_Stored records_
▽
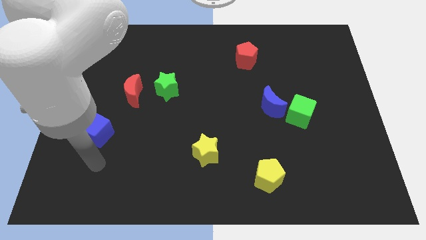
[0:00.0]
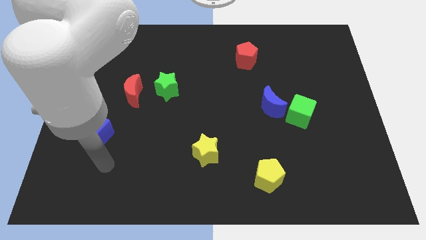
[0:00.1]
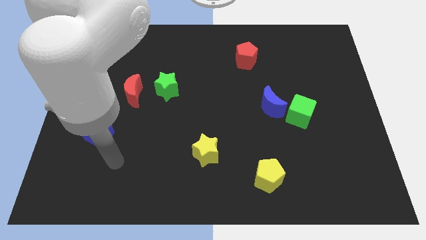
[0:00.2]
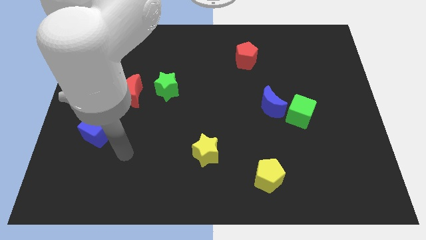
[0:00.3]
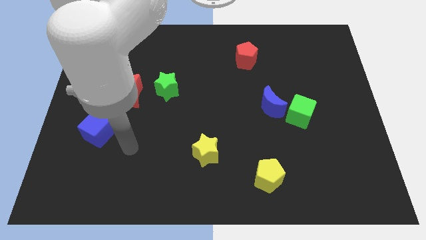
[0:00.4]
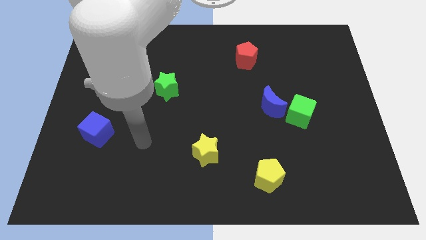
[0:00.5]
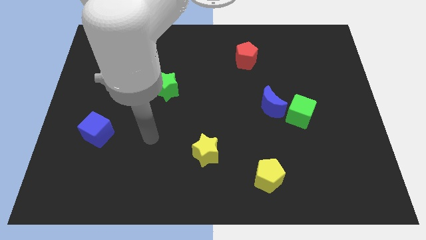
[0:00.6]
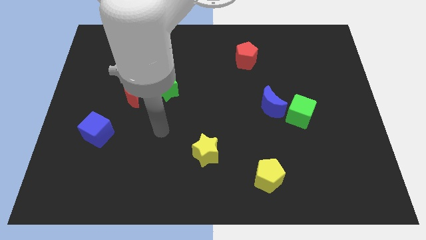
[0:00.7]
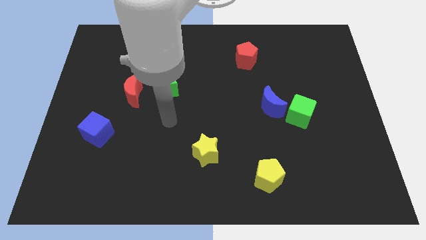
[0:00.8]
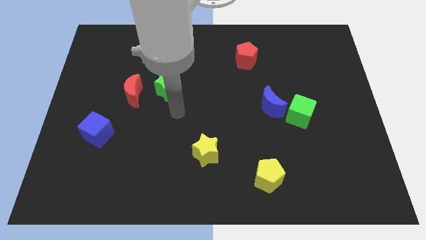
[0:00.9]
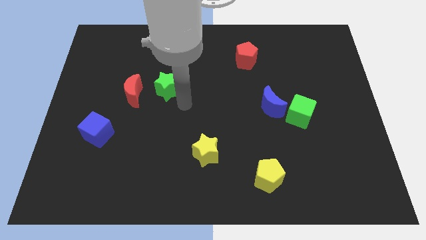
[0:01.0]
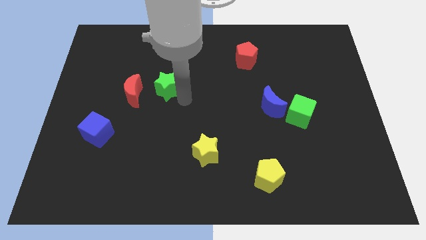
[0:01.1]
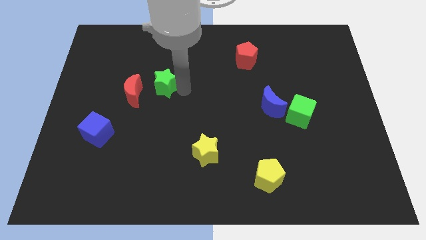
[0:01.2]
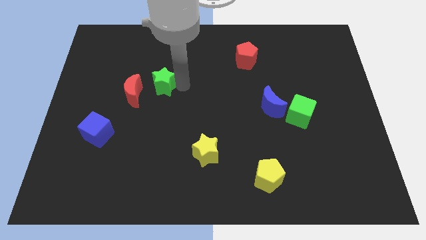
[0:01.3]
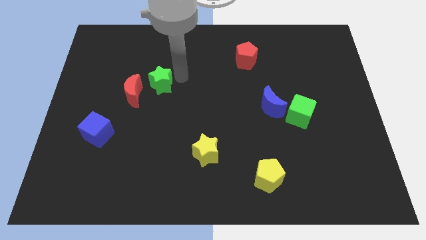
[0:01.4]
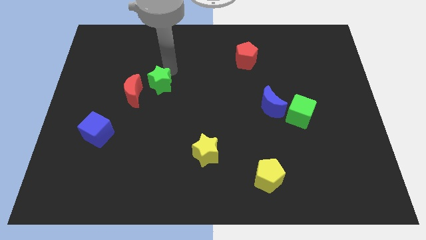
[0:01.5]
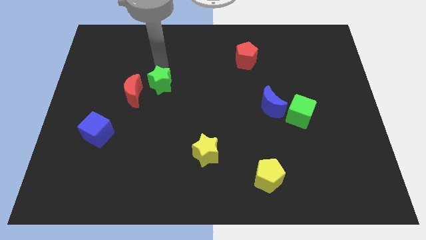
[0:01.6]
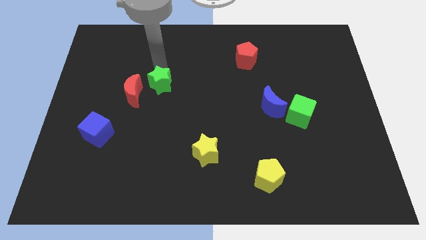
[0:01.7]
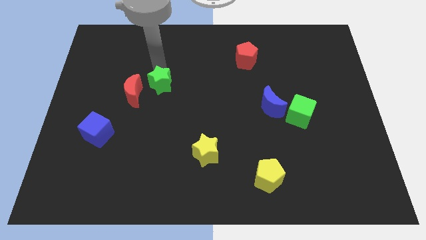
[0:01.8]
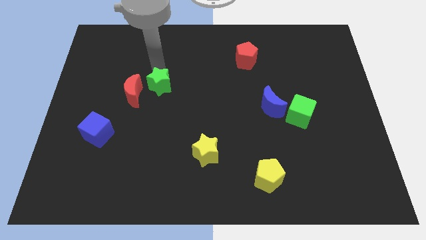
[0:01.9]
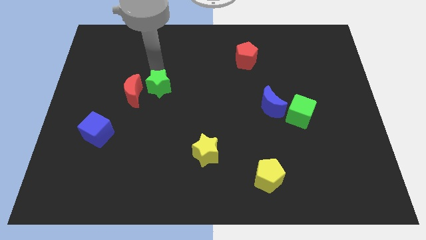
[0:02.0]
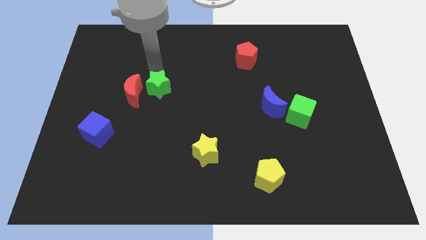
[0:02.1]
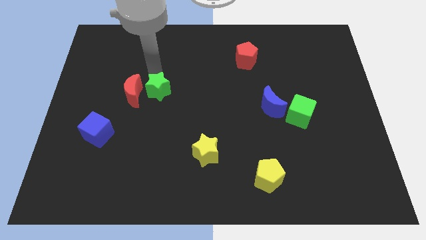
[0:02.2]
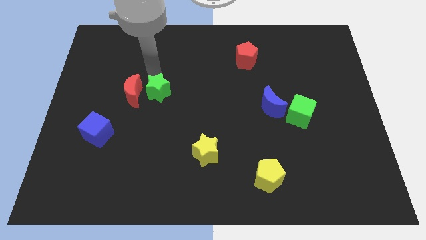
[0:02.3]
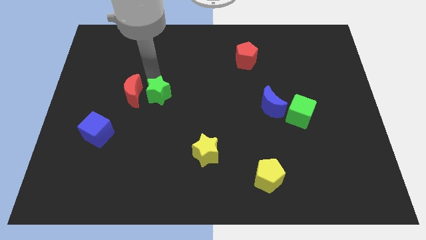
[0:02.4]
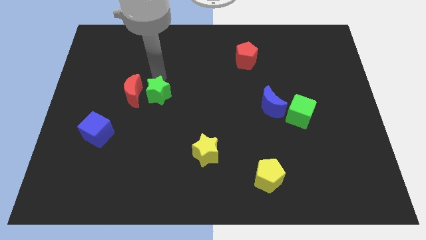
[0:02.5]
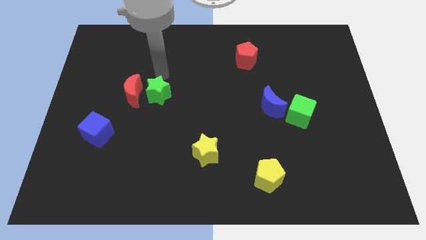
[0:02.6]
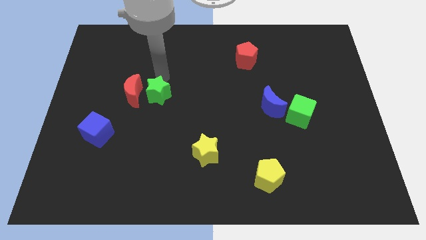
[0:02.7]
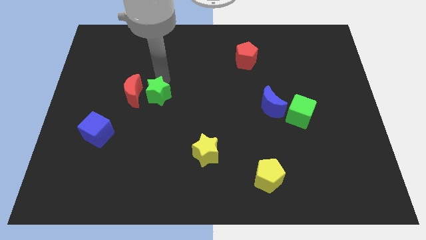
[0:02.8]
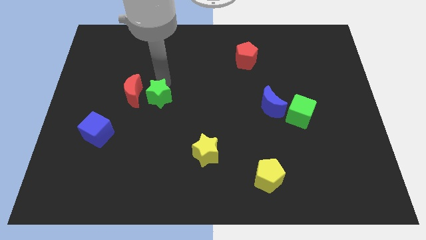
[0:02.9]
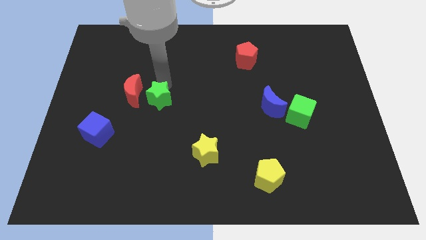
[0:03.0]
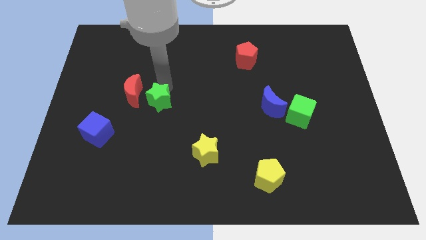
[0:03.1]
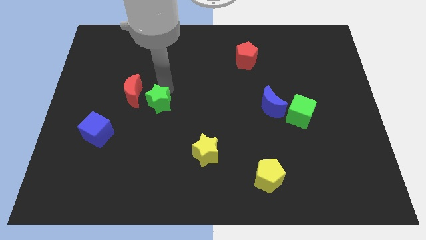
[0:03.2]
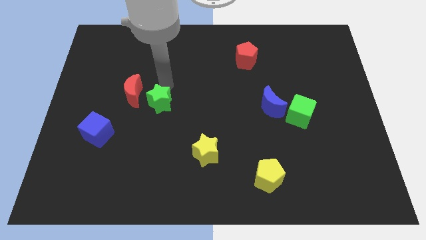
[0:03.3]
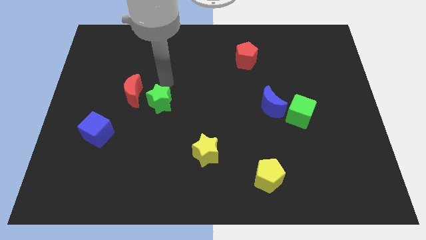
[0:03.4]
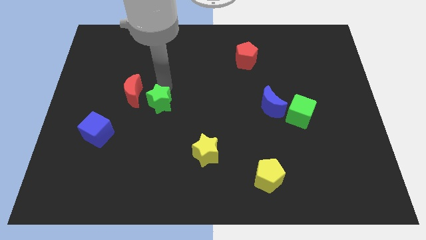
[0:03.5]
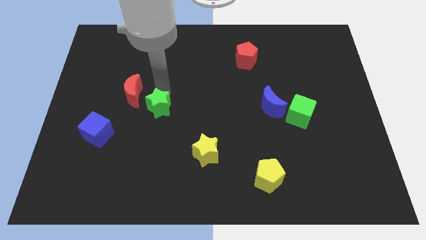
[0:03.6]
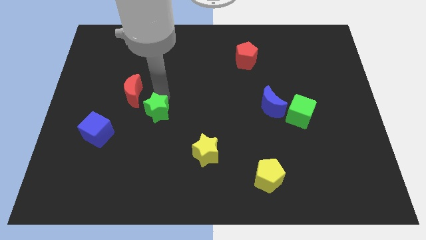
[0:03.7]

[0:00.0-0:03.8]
△
_Assignment_
Give back each entry exactly as it appears, with no pictures.

_The completed task_
[0:00.0]
[0:00.1]
[0:00.2]
[0:00.3]
[0:00.4]
[0:00.5]
[0:00.6]
[0:00.7]
[0:00.8]
[0:00.9]
[0:01.0]
[0:01.1]
[0:01.2]
[0:01.3]
[0:01.4]
[0:01.5]
[0:01.6]
[0:01.7]
[0:01.8]
[0:01.9]
[0:02.0]
[0:02.1]
[0:02.2]
[0:02.3]
[0:02.4]
[0:02.5]
[0:02.6]
[0:02.7]
[0:02.8]
[0:02.9]
[0:03.0]
[0:03.1]
[0:03.2]
[0:03.3]
[0:03.4]
[0:03.5]
[0:03.6]
[0:03.7]

[0:00.0-0:03.8]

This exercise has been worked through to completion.